## Task details
What's wanted here is the full listing below, repeated exactly, with no images in it.

## Supplied material

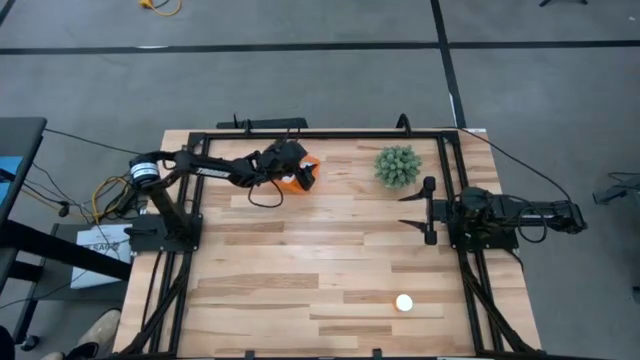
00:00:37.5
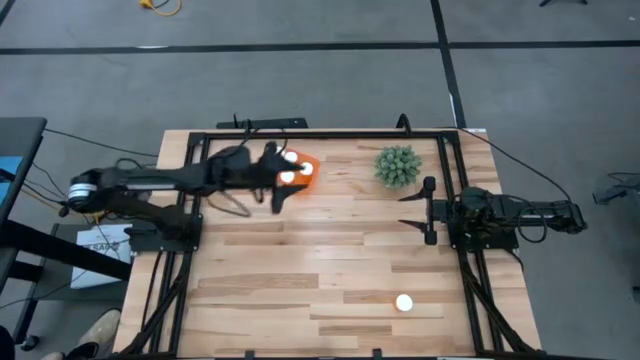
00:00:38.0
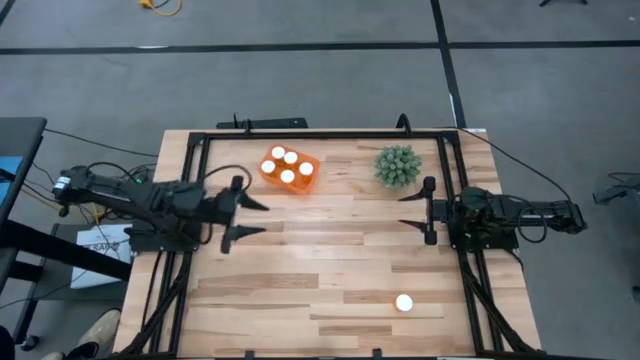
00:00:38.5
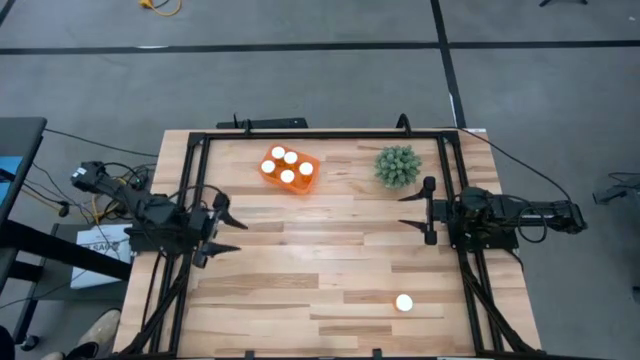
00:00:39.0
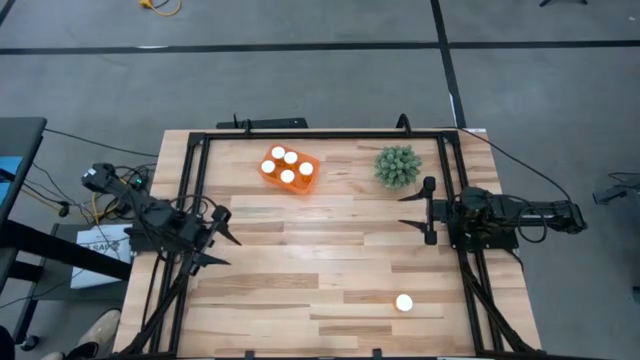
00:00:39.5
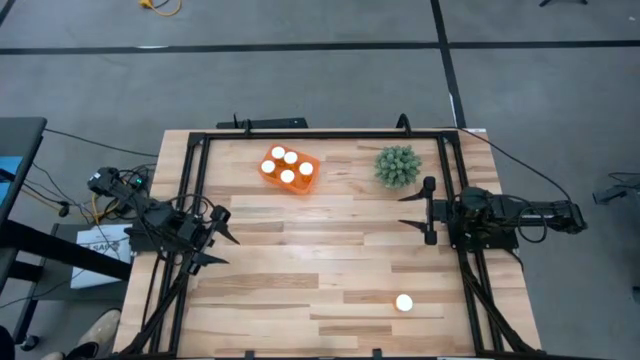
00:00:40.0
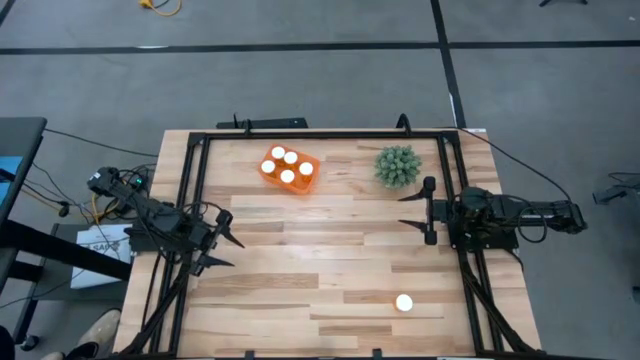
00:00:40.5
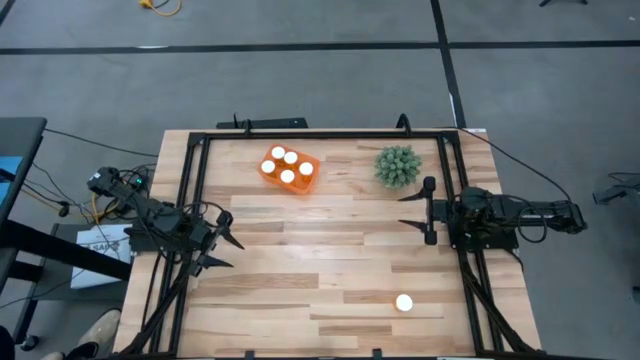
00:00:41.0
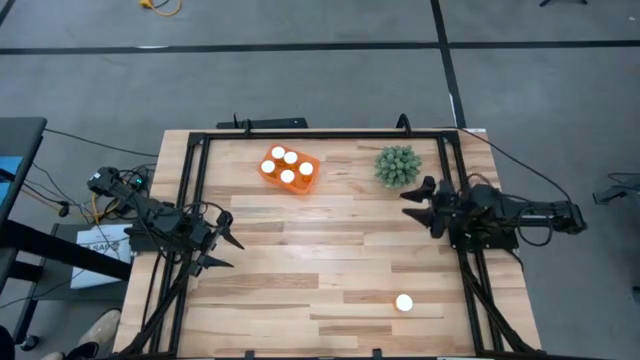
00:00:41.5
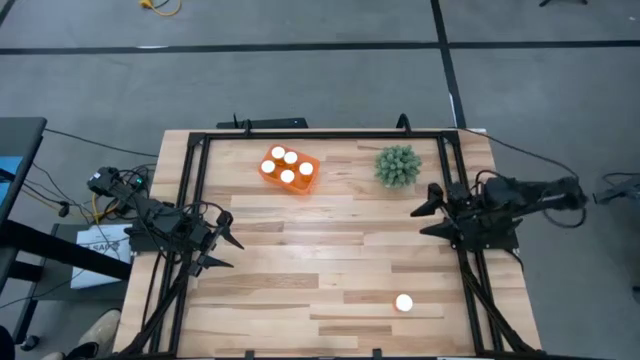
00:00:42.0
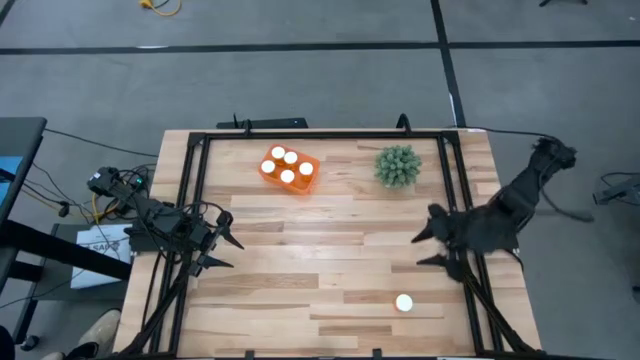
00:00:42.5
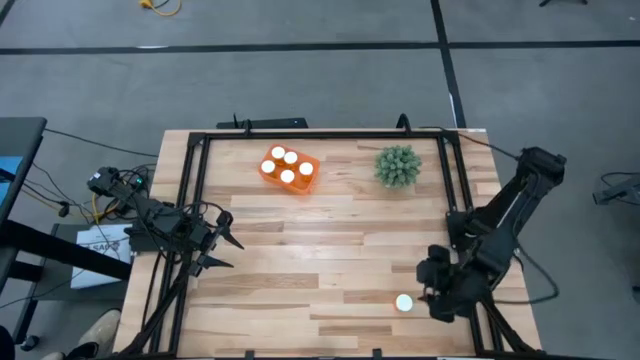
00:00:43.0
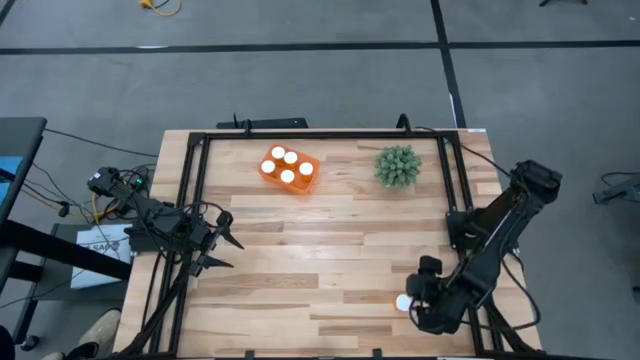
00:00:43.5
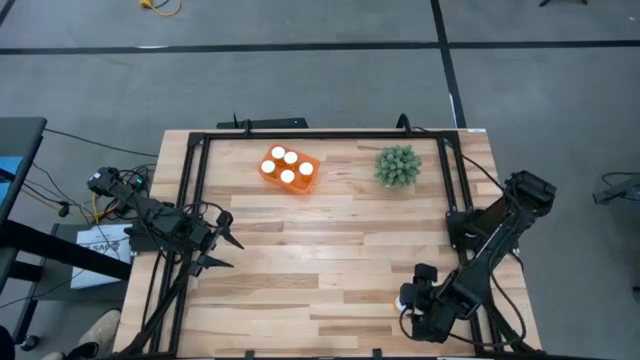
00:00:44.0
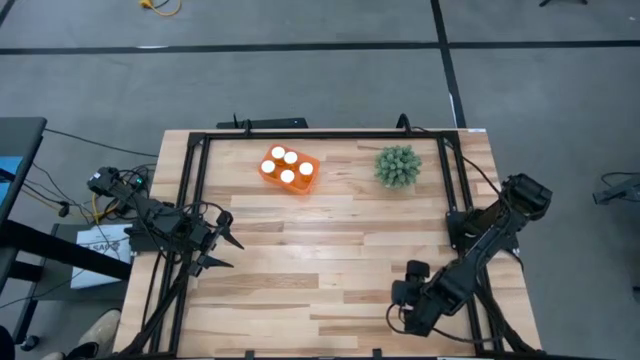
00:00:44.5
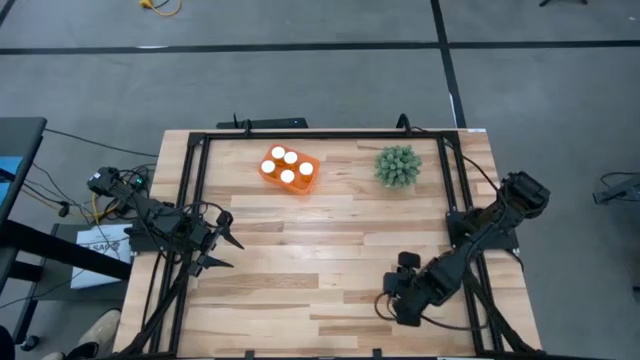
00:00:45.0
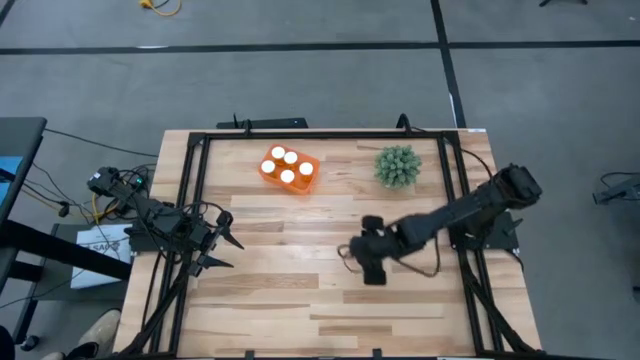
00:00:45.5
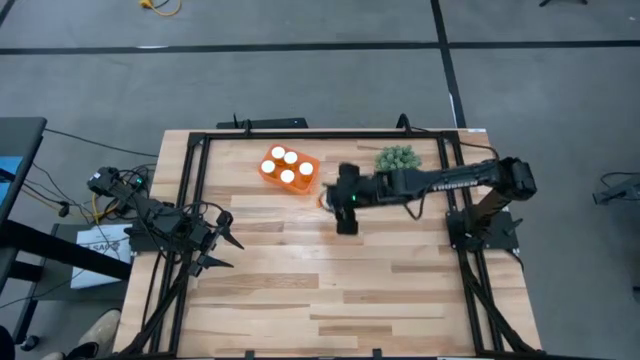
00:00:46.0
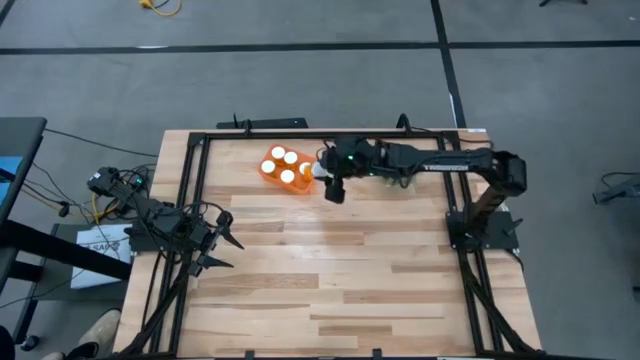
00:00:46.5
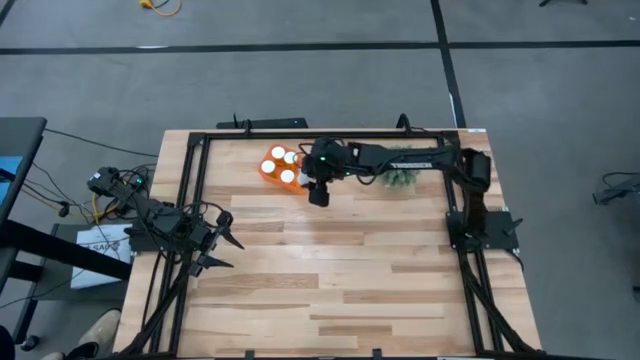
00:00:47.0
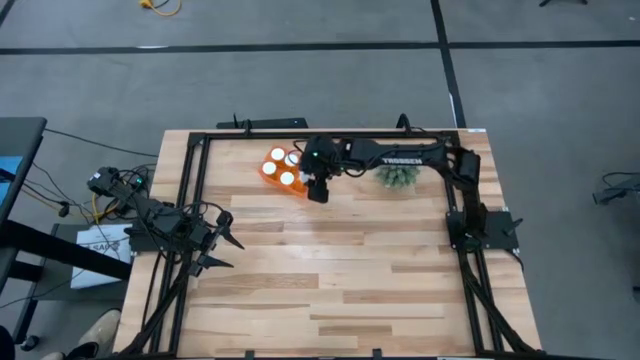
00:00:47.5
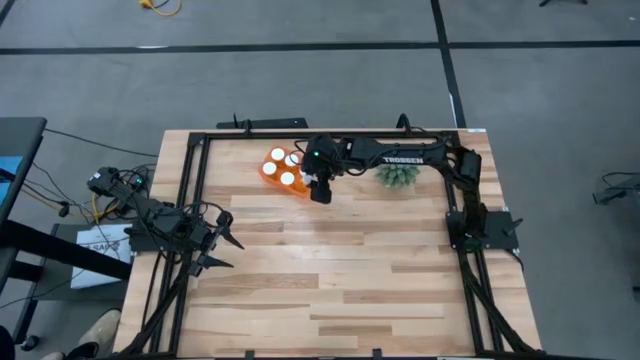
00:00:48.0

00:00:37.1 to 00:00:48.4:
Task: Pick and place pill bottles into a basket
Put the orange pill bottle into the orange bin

## Final answer
00:00:37.5
00:00:38.0
00:00:38.5
00:00:39.0
00:00:39.5
00:00:40.0
00:00:40.5
00:00:41.0
00:00:41.5
00:00:42.0
00:00:42.5
00:00:43.0
00:00:43.5
00:00:44.0
00:00:44.5
00:00:45.0
00:00:45.5
00:00:46.0
00:00:46.5
00:00:47.0
00:00:47.5
00:00:48.0

00:00:37.1 to 00:00:48.4:
Task: Pick and place pill bottles into a basket
Put the orange pill bottle into the orange bin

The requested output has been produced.